#### Required action:
Write the data out again exactly, dropping any images it holds.

#### Data to examine:
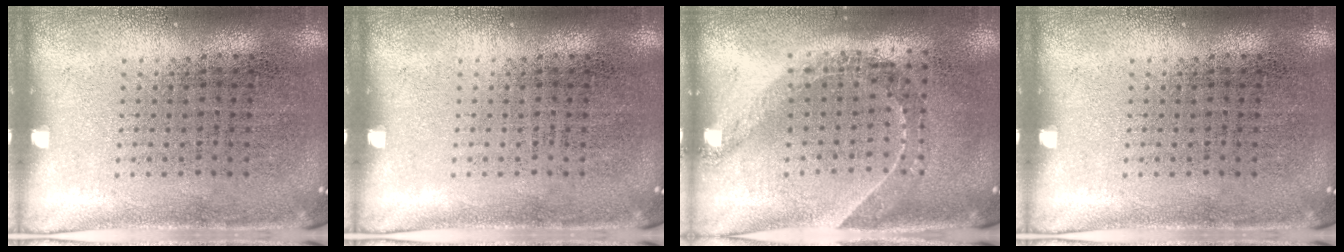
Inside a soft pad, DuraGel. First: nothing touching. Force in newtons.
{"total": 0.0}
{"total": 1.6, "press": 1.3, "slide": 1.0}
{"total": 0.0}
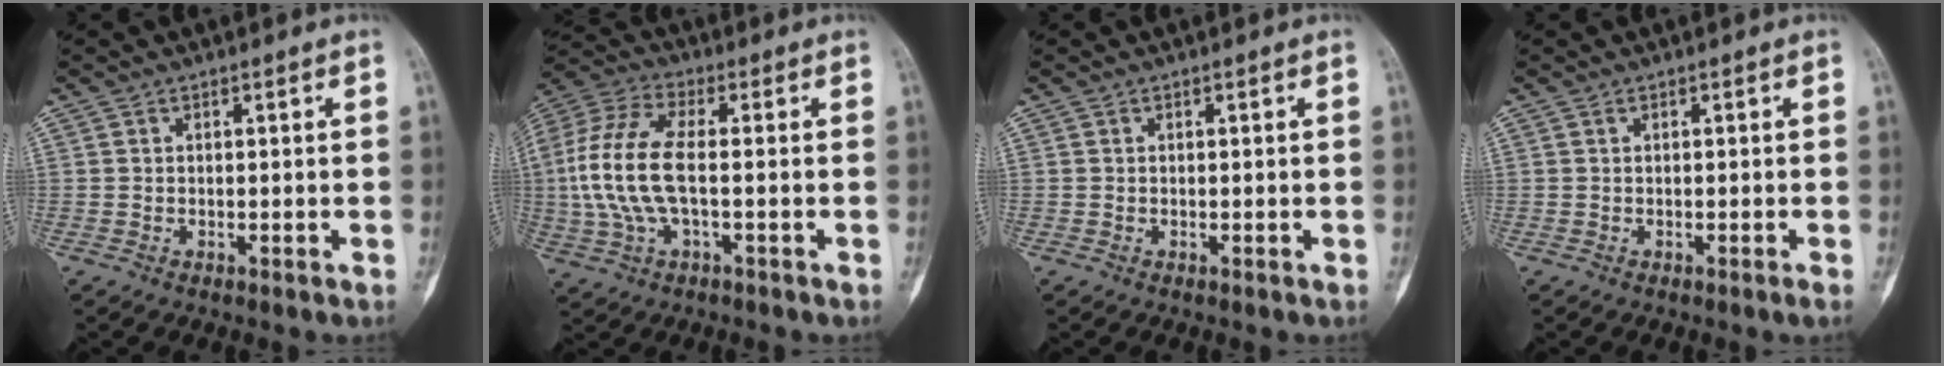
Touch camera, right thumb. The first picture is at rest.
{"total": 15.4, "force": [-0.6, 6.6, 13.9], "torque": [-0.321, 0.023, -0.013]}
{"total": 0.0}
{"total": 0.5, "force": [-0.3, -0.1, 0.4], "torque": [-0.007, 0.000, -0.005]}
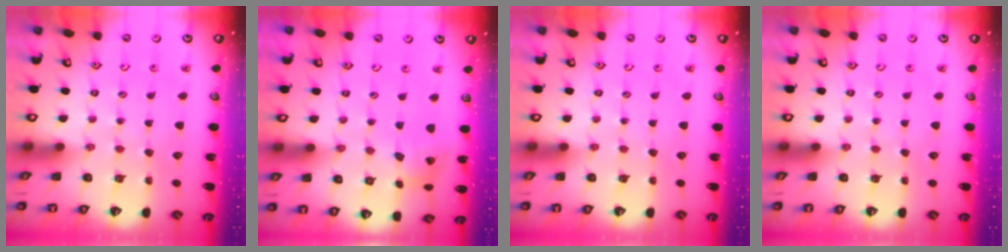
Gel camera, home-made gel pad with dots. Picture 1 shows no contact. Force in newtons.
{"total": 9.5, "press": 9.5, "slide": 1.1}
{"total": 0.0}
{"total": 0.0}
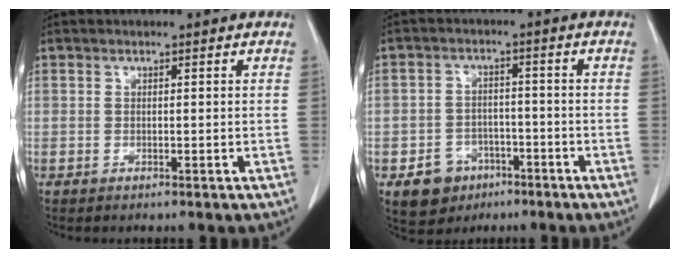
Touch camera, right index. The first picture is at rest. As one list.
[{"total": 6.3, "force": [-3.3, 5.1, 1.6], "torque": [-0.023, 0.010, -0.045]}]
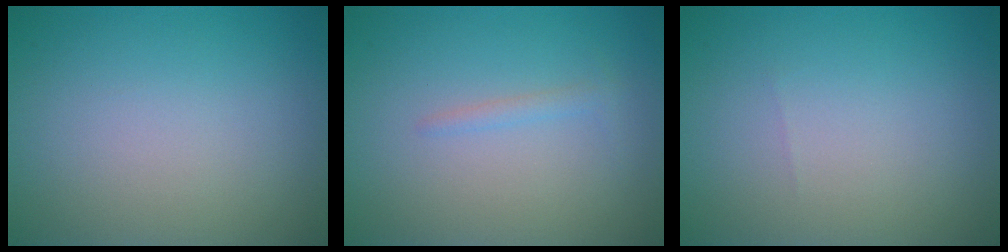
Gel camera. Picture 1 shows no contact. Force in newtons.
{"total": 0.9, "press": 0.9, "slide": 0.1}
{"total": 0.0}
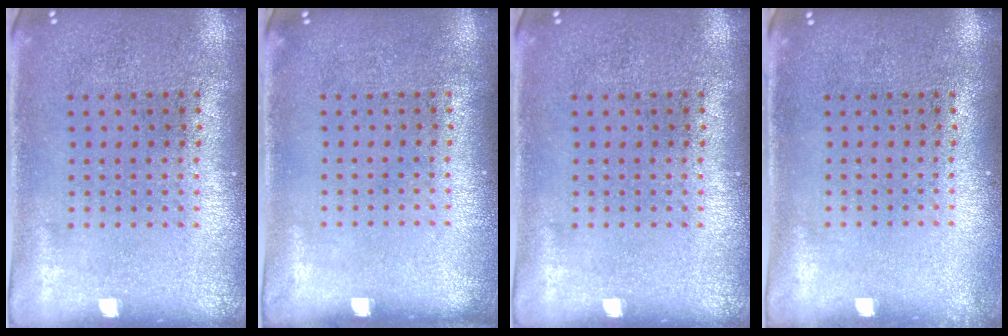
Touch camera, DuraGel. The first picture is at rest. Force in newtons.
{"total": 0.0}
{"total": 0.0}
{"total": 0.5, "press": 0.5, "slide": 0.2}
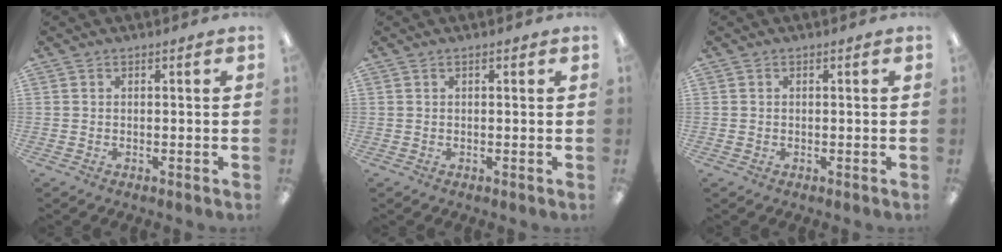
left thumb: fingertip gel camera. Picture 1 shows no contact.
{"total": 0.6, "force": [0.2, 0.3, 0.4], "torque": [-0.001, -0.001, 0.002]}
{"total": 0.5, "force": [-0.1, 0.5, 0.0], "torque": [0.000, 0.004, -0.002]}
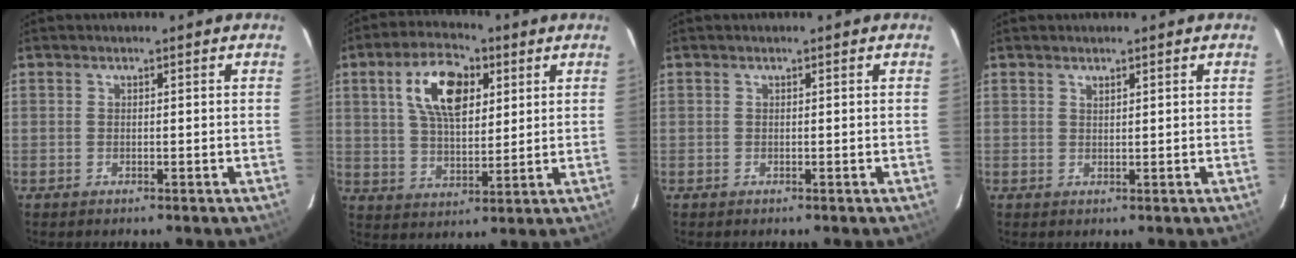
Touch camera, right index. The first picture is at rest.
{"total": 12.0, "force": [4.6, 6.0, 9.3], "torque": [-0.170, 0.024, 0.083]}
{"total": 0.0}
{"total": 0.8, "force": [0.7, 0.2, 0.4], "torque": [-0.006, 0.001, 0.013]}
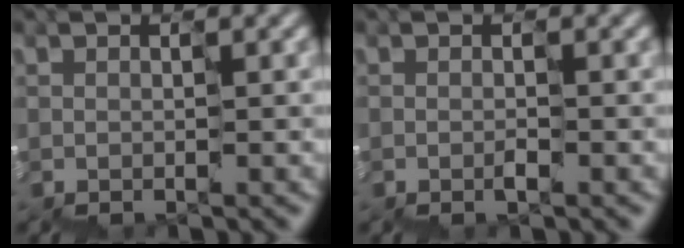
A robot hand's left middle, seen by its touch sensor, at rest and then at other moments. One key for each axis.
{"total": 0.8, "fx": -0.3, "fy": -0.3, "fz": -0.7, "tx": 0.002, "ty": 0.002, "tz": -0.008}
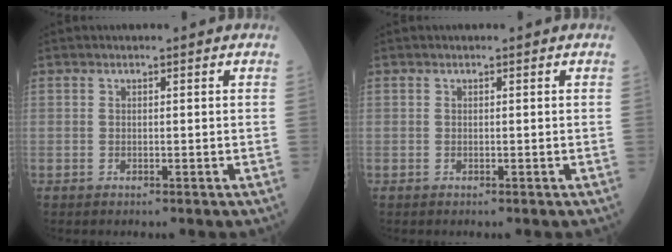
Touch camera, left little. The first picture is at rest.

#### Answer box:
Inside a soft pad, DuraGel. First: nothing touching. Force in newtons.
{"total": 0.0}
{"total": 1.6, "press": 1.3, "slide": 1.0}
{"total": 0.0}
Touch camera, right thumb. The first picture is at rest.
{"total": 15.4, "force": [-0.6, 6.6, 13.9], "torque": [-0.321, 0.023, -0.013]}
{"total": 0.0}
{"total": 0.5, "force": [-0.3, -0.1, 0.4], "torque": [-0.007, 0.000, -0.005]}
Gel camera, home-made gel pad with dots. Picture 1 shows no contact. Force in newtons.
{"total": 9.5, "press": 9.5, "slide": 1.1}
{"total": 0.0}
{"total": 0.0}
Touch camera, right index. The first picture is at rest. As one list.
[{"total": 6.3, "force": [-3.3, 5.1, 1.6], "torque": [-0.023, 0.010, -0.045]}]
Gel camera. Picture 1 shows no contact. Force in newtons.
{"total": 0.9, "press": 0.9, "slide": 0.1}
{"total": 0.0}
Touch camera, DuraGel. The first picture is at rest. Force in newtons.
{"total": 0.0}
{"total": 0.0}
{"total": 0.5, "press": 0.5, "slide": 0.2}
left thumb: fingertip gel camera. Picture 1 shows no contact.
{"total": 0.6, "force": [0.2, 0.3, 0.4], "torque": [-0.001, -0.001, 0.002]}
{"total": 0.5, "force": [-0.1, 0.5, 0.0], "torque": [0.000, 0.004, -0.002]}
Touch camera, right index. The first picture is at rest.
{"total": 12.0, "force": [4.6, 6.0, 9.3], "torque": [-0.170, 0.024, 0.083]}
{"total": 0.0}
{"total": 0.8, "force": [0.7, 0.2, 0.4], "torque": [-0.006, 0.001, 0.013]}
A robot hand's left middle, seen by its touch sensor, at rest and then at other moments. One key for each axis.
{"total": 0.8, "fx": -0.3, "fy": -0.3, "fz": -0.7, "tx": 0.002, "ty": 0.002, "tz": -0.008}
Touch camera, left little. The first picture is at rest.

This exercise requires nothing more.